UN, PH vote for key rights resolution vs North Korea

111 countries including the Philippines vote to pass a landmark United Nations resolution seeking to refer North Korea’s human rights atrocities to the International Criminal Court (ICC)

Ayee Macaraig
@ayeemacaraig
Published 11:33 AM, November 19, 2014
Updated 9:30 AM, November 20, 2014
A view of the General Assembly about to meet on the Human Rights Council’s 2014 report, 17 November 2014, at the United Nations, New York. Loey Felipe/UN Photo

A view of the General Assembly about to meet on the Human Rights Council’s 2014 report, 17 November 2014, at the United Nations, New York. Loey Felipe/UN Photo

UNITED NATIONS – “The international community cannot ignore the suffering of the people of North Korea. It must take action.”

With this declaration, 111 countries including the Philippines voted to pass a landmark United Nations resolution seeking to refer North Korea’s human rights atrocities to the International Criminal Court (ICC).

Despite North Korea’s charm offensive and rare diplomatic overtures, Japan and the European Union (EU) successfully sponsored the resolution on Tuesday, November 18, urging the UN Security Council to ask the ICC to prosecute the reclusive state for crimes against humanity.

In a vote at the UN General Assembly’s 3rd committee handling human rights issues, only 19 countries including North Korea voted against the resolution while 55 abstained.

“The lack of accountability for human rights at the national level leaves us with no option but to ask the Security Council to recommend this to the ICC. There is a need for accountability for widespread gross rights violations, some of which amount to crimes against humanity,” said Sebastiano Cardi, Italy’s Ambassador to the UN, who spoke on behalf of the EU.

The resolution adopts the recommendations of an exhaustive UN Commission of Inquiry (COI) report released in February that found that Pyongyang’s rights violations are “without parallel in the contemporary world.”

Based on testimonies of defectors and witnesses, the COI said that North Korea and the Kim Jong-Un leadership are liable for abuses including torture, rape, forced labor, and starvation in the prison camp system.

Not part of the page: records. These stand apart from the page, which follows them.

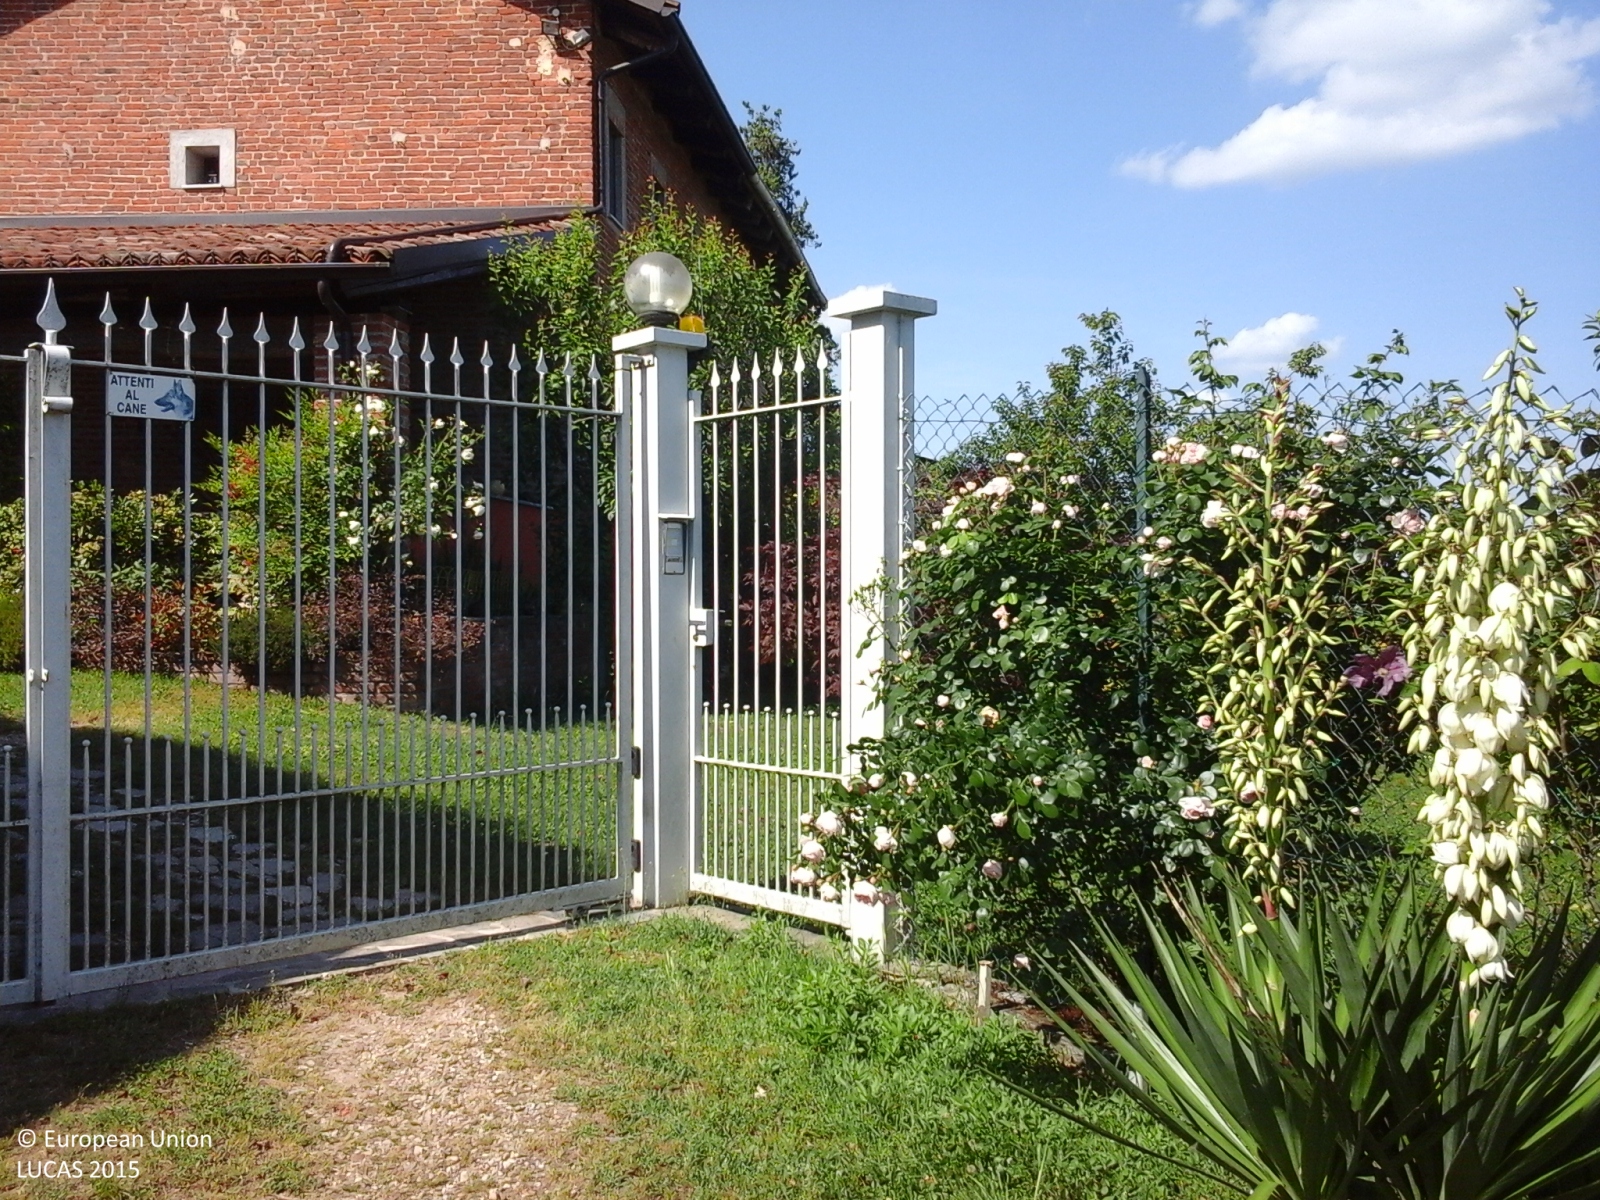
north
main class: Woodland
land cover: Broadleaved woodland
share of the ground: 25 - 50 %
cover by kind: broadleaved forest trees 85 %, herbaceous plants 15 %
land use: Residential
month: May
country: IT
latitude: 44.9263
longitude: 7.9893
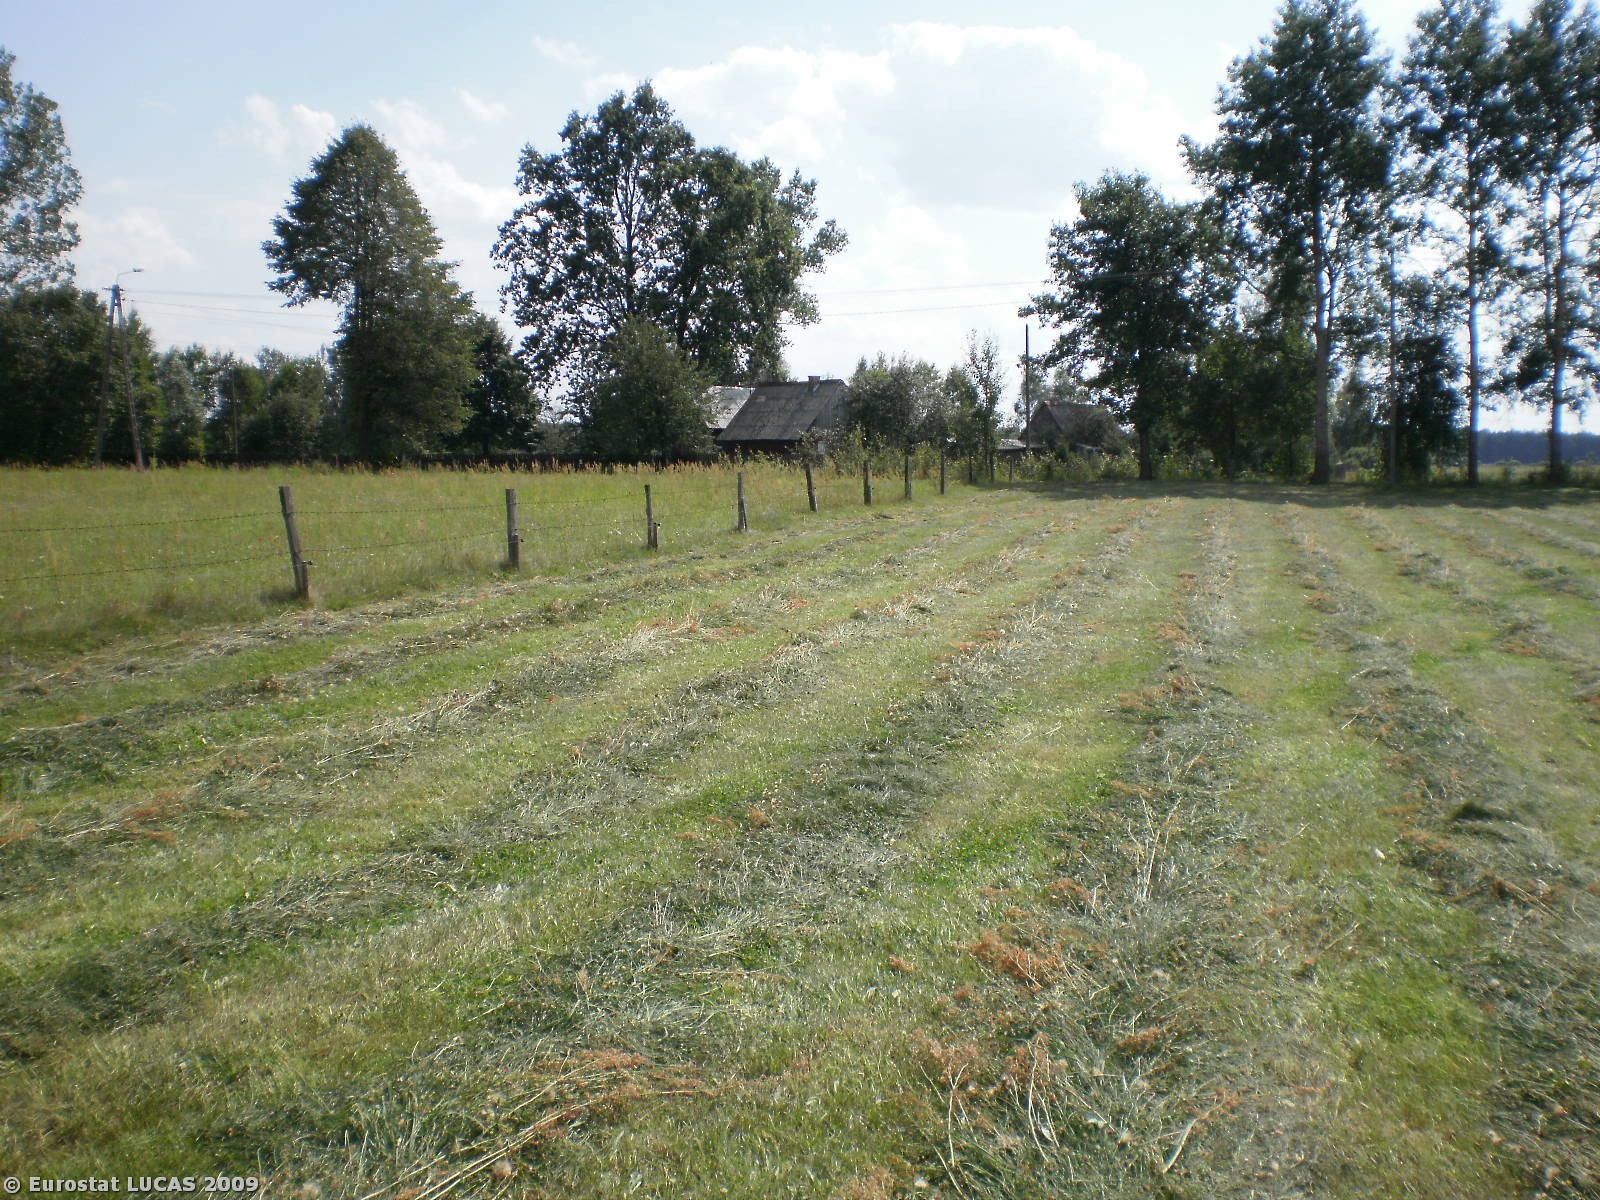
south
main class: Grassland
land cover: Grassland without tree/shrub cover
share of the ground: > 75 %
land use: Agriculture (excluding fallow land and kitchen gardens)
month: July
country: PL
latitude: 53.3967
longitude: 21.3117
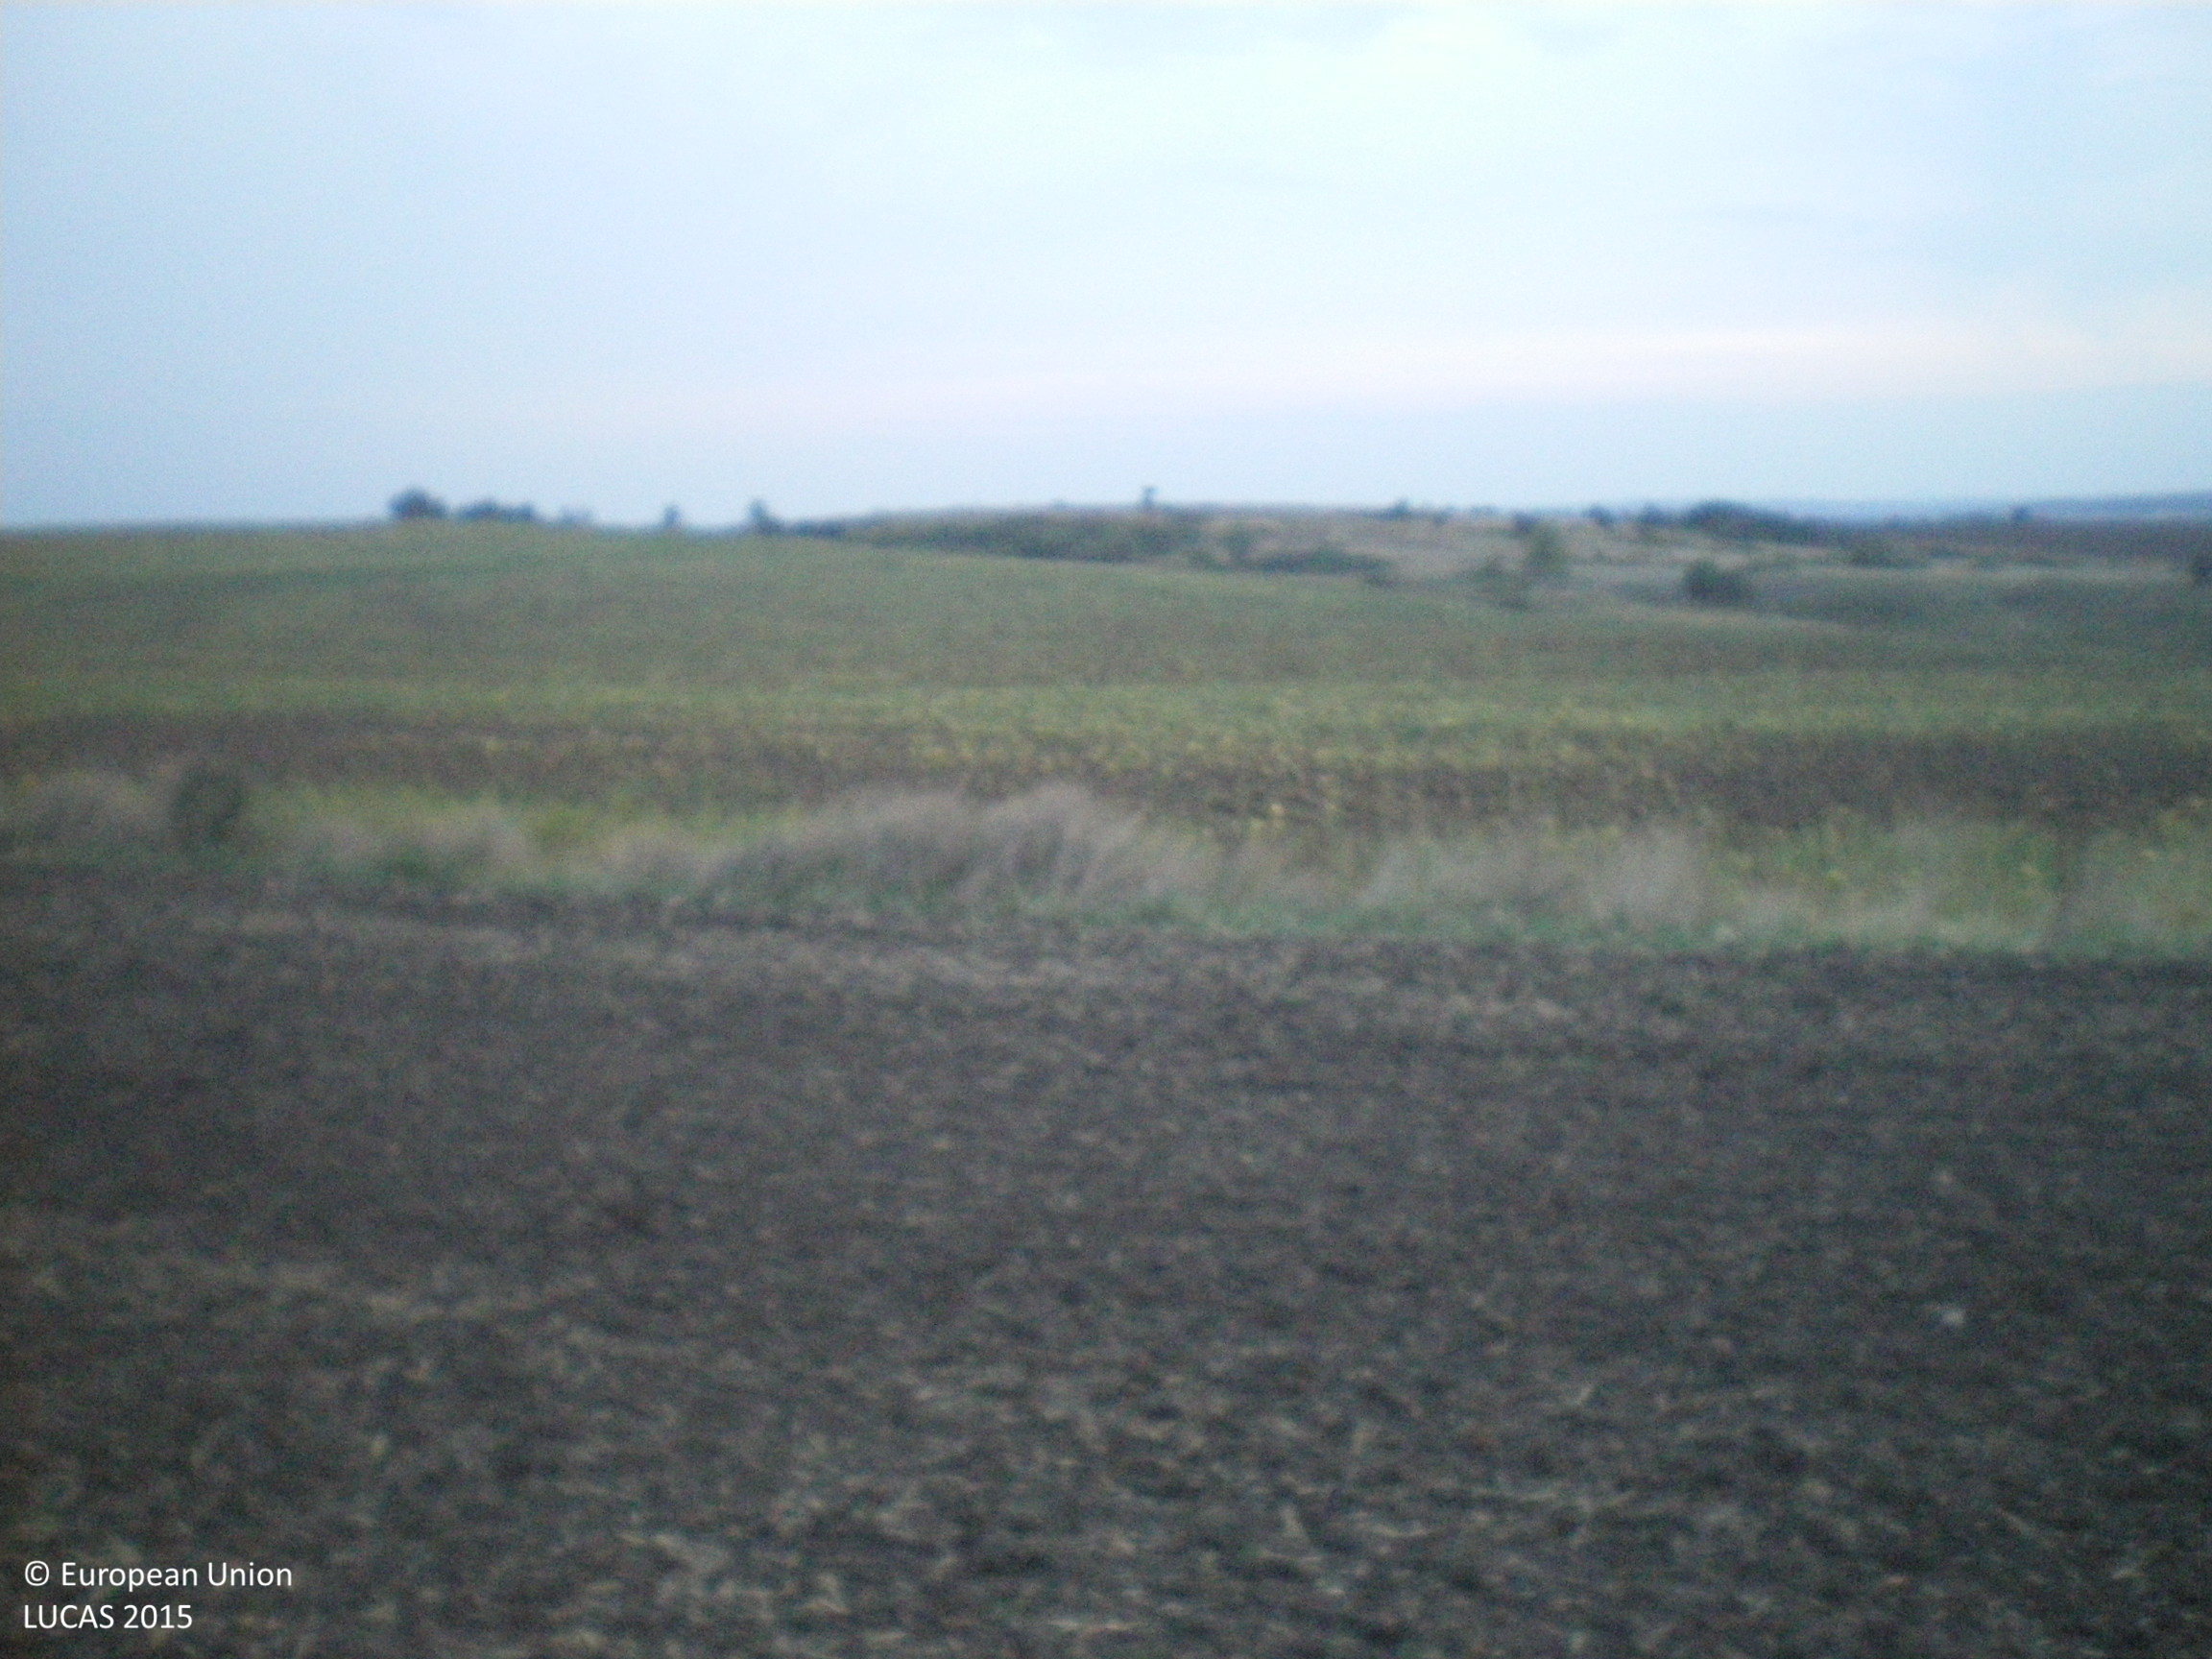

Defectors who spoke at a UN forum last month said the prison system starved them so much that mothers were forced to eat their babies to survive.

The COI’s jurists led by Australian judge Michael Kirby compared the abuses to those during World War II. Kirby said that the vote was a “moment of truth” for the UN.

North Korea reacted strongly to the vote, rejecting the resolution as a US-led “military and political plot” against its social system.

“The outrageous human rights campaign of the US and its followers in an attempt to eliminate social system of DPRK is compelling us not to refrain any further from conducting nuclear tests. Sponsors should be held responsible for all the consequences as they are the ones destroying opportunities for human rights cooperation,” said North Korea’s Ambassador Sin So Ho.

The vote is just the first step to hold North Korea accountable. The whole UN General Assembly will take up the resolution next month, where a similar vote is expected.

Yet it is uncertain whether or not the Security Council will pass the resolution. This early, Pyongyang’s close ally China already voted against the resolution along with Russia. The two countries are permanent members of the Security Council and have veto power.

Only the Security Council, not the General Assembly, can refer the case to the ICC.

Syria, Myanmar, Vietnam side with Pyongyang

The United States voted in favor of the resolution, and was among the countries that rejected a Cuba-drafted amendment that removed the ICC referral.

“The international community must send a clear message to the [North Korean] regime that human rights violations must stop and those who perpetrated this must be held accountable,” the United States said.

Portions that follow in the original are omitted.